GEN-27, a Newly Synthetic Isoflavonoid, Inhibits the Proliferation of Colon Cancer Cells in Inflammation Microenvironment by Suppressing NF-κB Pathway

الملخص EN

Nonresolving inflammation is one of the consistent features of the tumor microenvironment in the intestine and plays a critical role in the initiation and development of colon cancer.

Here we reported the inhibitory effects of GEN-27, a new derivative of genistein, on the inflammation-related colon cancer cell proliferation and delineated the mechanism of its action.

The results indicated that GEN-27 inhibited the proliferation of human colon tumor HCT116 cells stimulated by culture supernatants of LPS-induced human monocytes THP-1 cells and significantly decreased LPS-induced secretion of proinflammatory cytokines interleukin-6 and interleukin-1β in THP-1 cells.
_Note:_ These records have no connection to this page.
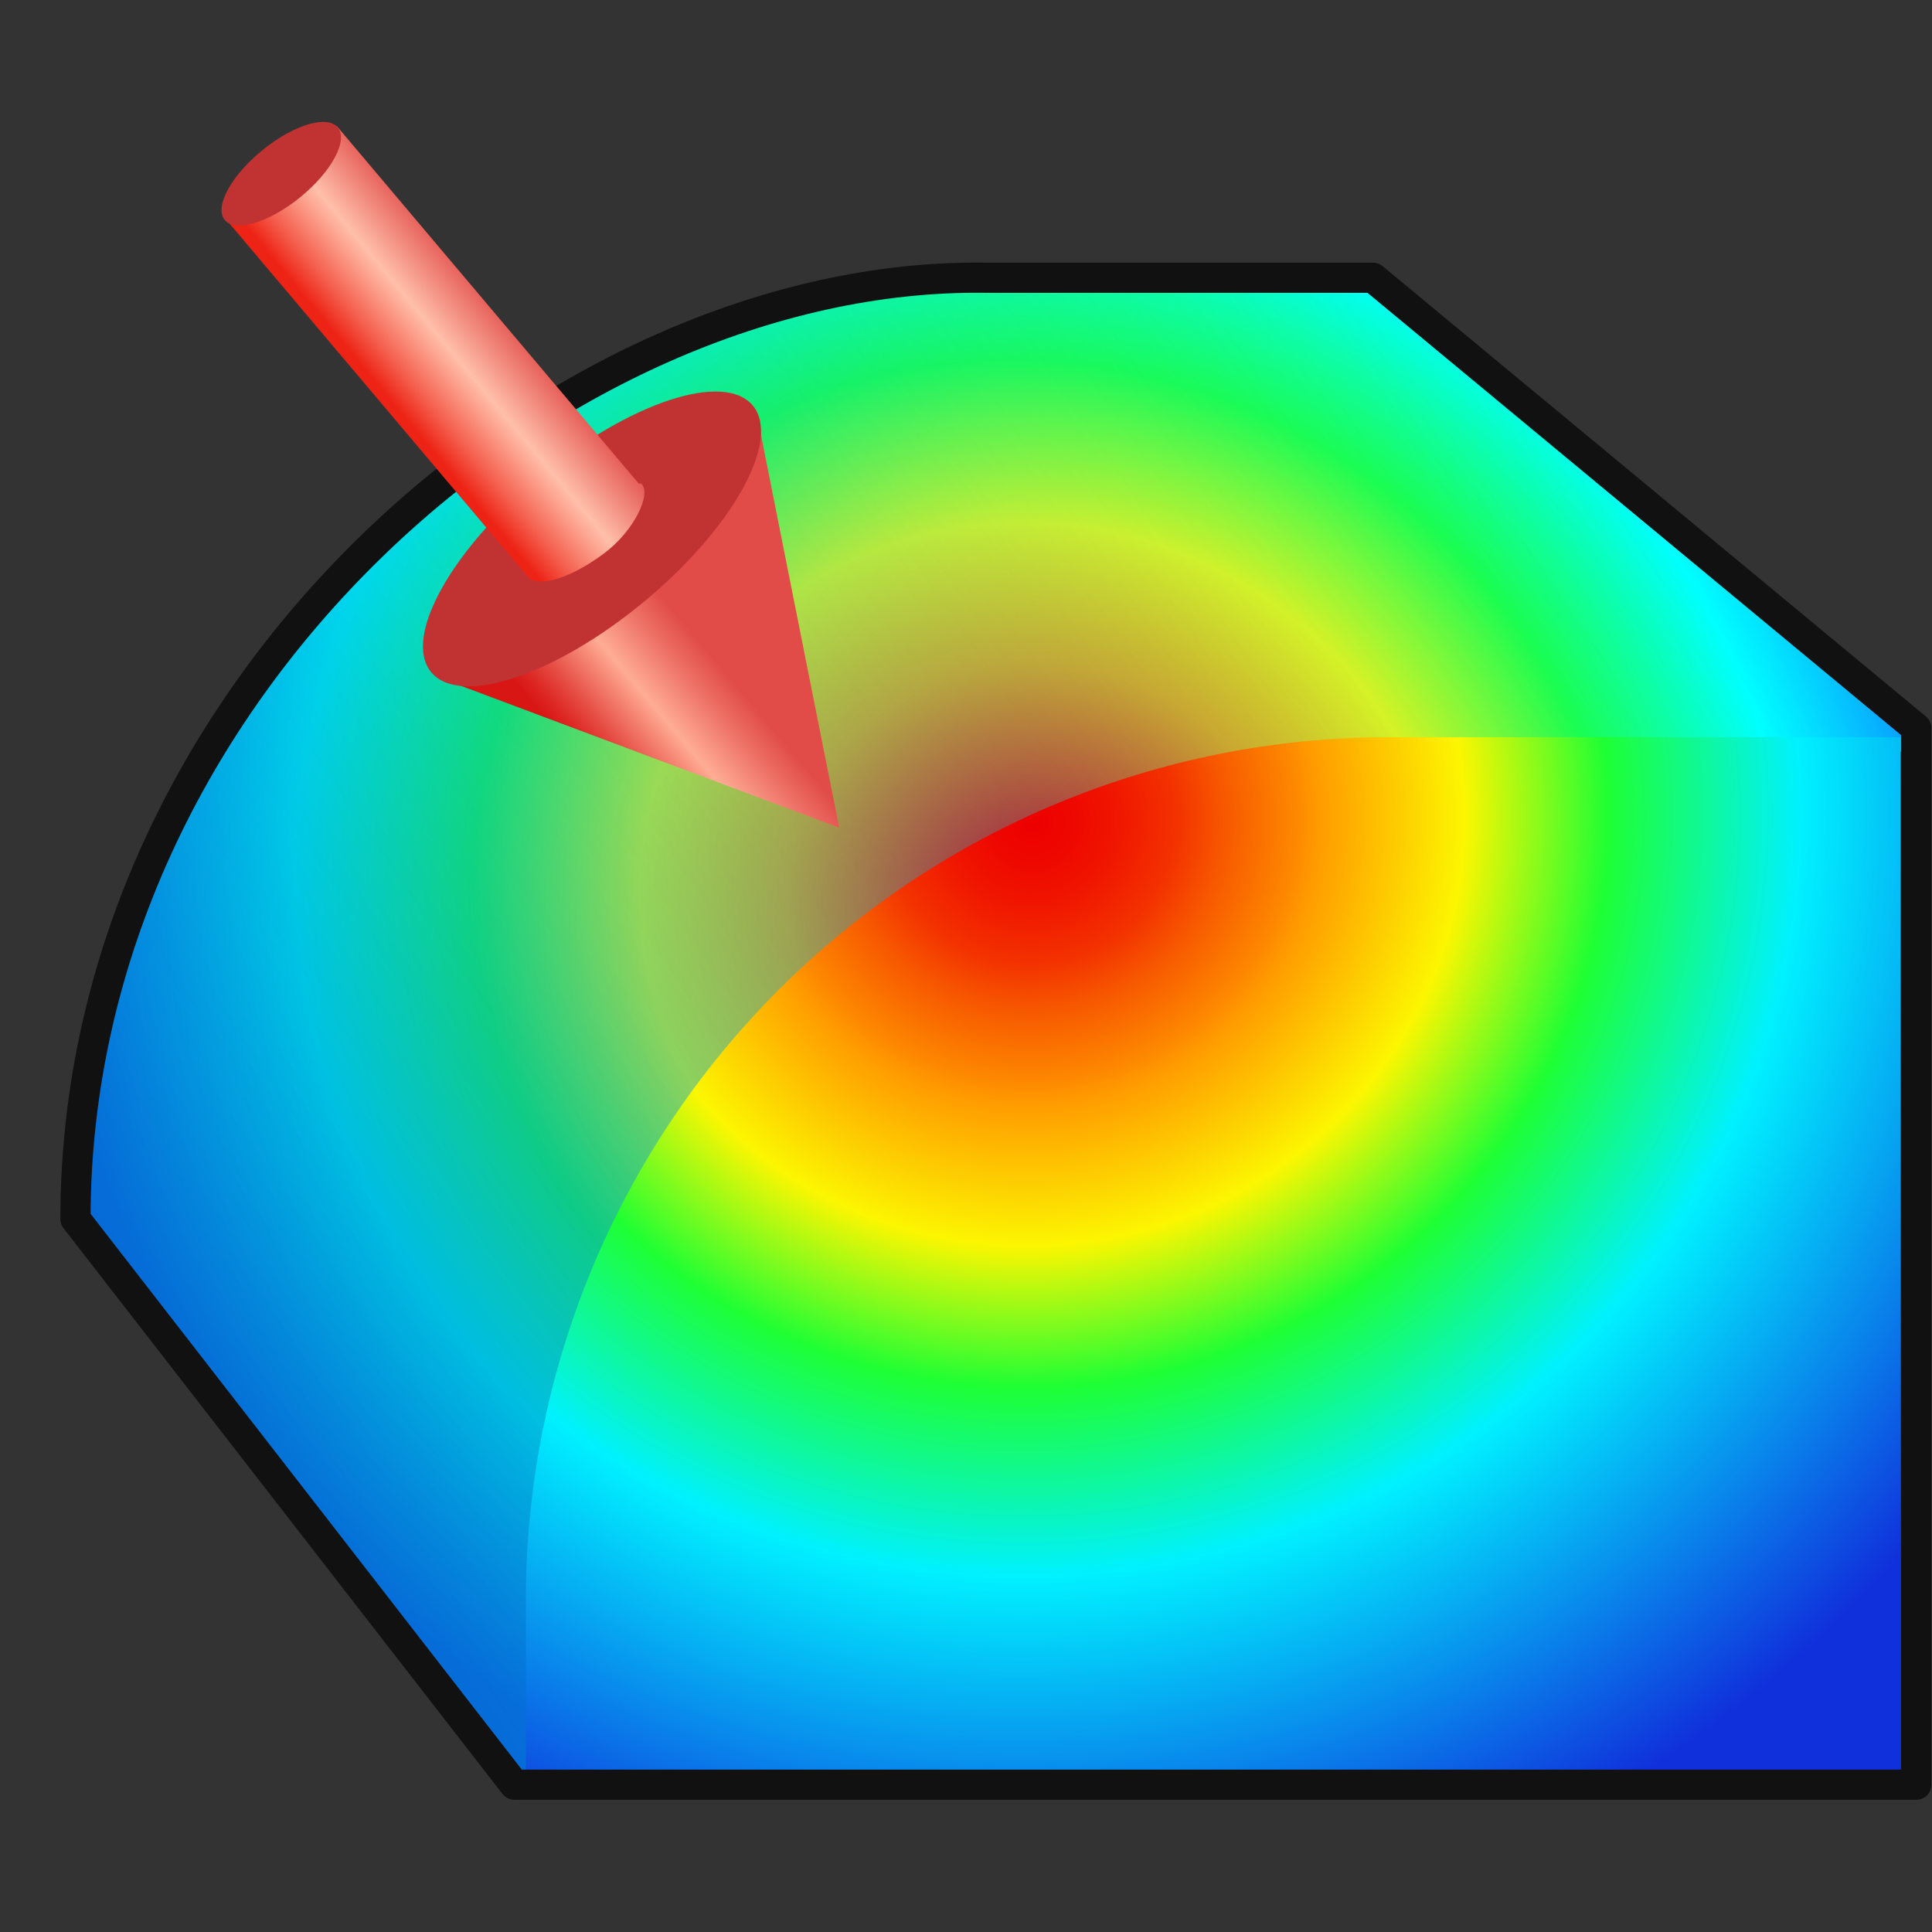 <svg width="32" height="32" viewBox="0 0 32 32" fill="none" xmlns="http://www.w3.org/2000/svg">
<rect x="0" y="0" width="32" height="32" fill="#333333" stroke="none"/>
<g clip-path="url(#clip0_2108_11126)">
<path d="M22.74 4.6H16.27C9.18 4.51 1.21 11.41 1.21 20.19L8.48 29.56H9.01V27.8C9.01 19.32 14.28 12.45 22.76 12.45H31.74V12.06L22.74 4.6Z" fill="url(#paint0_radial_2108_11126)"/>
<path opacity="0.85" d="M22.74 4.6H16.27C9.18 4.51 1.21 11.41 1.21 20.19L8.48 29.56H9.01V27.8C9.01 19.32 14.28 12.45 22.76 12.45H31.74V12.06L22.74 4.6Z" fill="url(#paint1_linear_2108_11126)"/>
<path d="M23 12.21H31.48V29.38H8.71V26.49C8.713 22.702 10.219 19.07 12.899 16.392C15.579 13.714 19.212 12.21 23 12.21Z" fill="url(#paint2_radial_2108_11126)"/>
<path d="M31.74 29.56H8.52L1.25 20.19C1.25 11.41 9.25 4.51 16.31 4.6H22.74L31.74 12.06V29.56Z" stroke="#111111" stroke-width="0.5" stroke-linecap="round" stroke-linejoin="round"/>
<path d="M13.9 13.71L12.52 6.78L7.21 11.2L13.9 13.71Z" fill="url(#paint3_linear_2108_11126)"/>
<path d="M10.667 9.966C12.138 8.746 12.945 7.292 12.469 6.718C11.993 6.144 10.415 6.667 8.944 7.887C7.473 9.107 6.666 10.56 7.142 11.134C7.618 11.709 9.196 11.185 10.667 9.966Z" fill="#C13333"/>
<path d="M10.58 8.01L5.58 2.09L3.74 3.63L8.74 9.55C8.92 9.76 9.49 9.55 10 9.17C10.51 8.79 10.8 8.17 10.62 8.01H10.58Z" fill="url(#paint4_linear_2108_11126)"/>
<path d="M4.975 3.265C5.493 2.842 5.771 2.326 5.596 2.112C5.422 1.898 4.86 2.067 4.343 2.49C3.825 2.912 3.547 3.428 3.721 3.642C3.896 3.856 4.457 3.687 4.975 3.265Z" fill="#C13333"/>
</g>
<defs>
<radialGradient id="paint0_radial_2108_11126" cx="0" cy="0" r="1" gradientUnits="userSpaceOnUse" gradientTransform="translate(17.367 15.208) rotate(-149.331) scale(17.637 16.367)">
<stop offset="0.08" stop-color="#ED0000"/>
<stop offset="0.25" stop-color="#FF9C00"/>
<stop offset="0.39" stop-color="#FCF601"/>
<stop offset="0.55" stop-color="#1EFF3F"/>
<stop offset="0.72" stop-color="#00FFFF"/>
<stop offset="0.96" stop-color="#1052FF"/>
</radialGradient>
<linearGradient id="paint1_linear_2108_11126" x1="1.61" y1="23.25" x2="27.15" y2="5.78" gradientUnits="userSpaceOnUse">
<stop stop-color="#0071BC" stop-opacity="0.8"/>
<stop offset="0.6" stop-color="#00C4E3" stop-opacity="0.33"/>
<stop offset="1" stop-color="#00FFFF" stop-opacity="0"/>
</linearGradient>
<radialGradient id="paint2_radial_2108_11126" cx="0" cy="0" r="1" gradientUnits="userSpaceOnUse" gradientTransform="translate(17.158 13.549) rotate(59.31) scale(19.57 19.766)">
<stop stop-color="#ED0000"/>
<stop offset="0.03" stop-color="#EE0600"/>
<stop offset="0.07" stop-color="#F01600"/>
<stop offset="0.12" stop-color="#F33200"/>
<stop offset="0.16" stop-color="#F75800"/>
<stop offset="0.22" stop-color="#FD8800"/>
<stop offset="0.24" stop-color="#FF9C00"/>
<stop offset="0.36" stop-color="#FCF601"/>
<stop offset="0.48" stop-color="#1EFF34"/>
<stop offset="0.64" stop-color="#00F1FF"/>
<stop offset="0.96" stop-color="#1030DB"/>
</radialGradient>
<linearGradient id="paint3_linear_2108_11126" x1="9.791" y1="12.791" x2="11.919" y2="10.999" gradientUnits="userSpaceOnUse">
<stop stop-color="#D81715"/>
<stop offset="0.08" stop-color="#DC2521"/>
<stop offset="0.22" stop-color="#E54A41"/>
<stop offset="0.42" stop-color="#F58674"/>
<stop offset="0.54" stop-color="#FFAC94"/>
<stop offset="0.81" stop-color="#ED7065"/>
<stop offset="1" stop-color="#E14B48"/>
</linearGradient>
<linearGradient id="paint4_linear_2108_11126" x1="6.558" y1="6.742" x2="8.476" y2="5.149" gradientUnits="userSpaceOnUse">
<stop stop-color="#ED2315"/>
<stop offset="0.18" stop-color="#F45E4D"/>
<stop offset="0.42" stop-color="#FCA490"/>
<stop offset="0.52" stop-color="#FFBFAA"/>
<stop offset="1" stop-color="#E14B48"/>
</linearGradient>
<clipPath id="clip0_2108_11126">
<rect width="30.99" height="27.81" fill="white" transform="translate(1 2)"/>
</clipPath>
</defs>
</svg>

The HCT116 cell proliferation elicited by THP-1-conditioned medium could be blocked by the interleukin-1 receptor antagonist (IL-1RA).

Further mechanistic study revealed that GEN-27 remarkably inhibited the nuclear translocation of NF- κ B and phosphorylation of I κ B and IKK α / β in both HCT116 and THP-1 cells.

In addition, GEN-27 markedly suppressed the HCT116 cell proliferation stimulated by IL-1β treatment, which was dependent on the inhibition of NF-κB/p65 nuclear localization, as verified by p65 overexpression and BAY 11-7082, an NF- κ B inhibitor.

Taken together, our findings established that GEN-27 modulated NF- κ B signaling pathway involved in inflammation-induced cancer cells proliferation and therefore could be a potential chemopreventive agent against inflammation-associated colon cancer.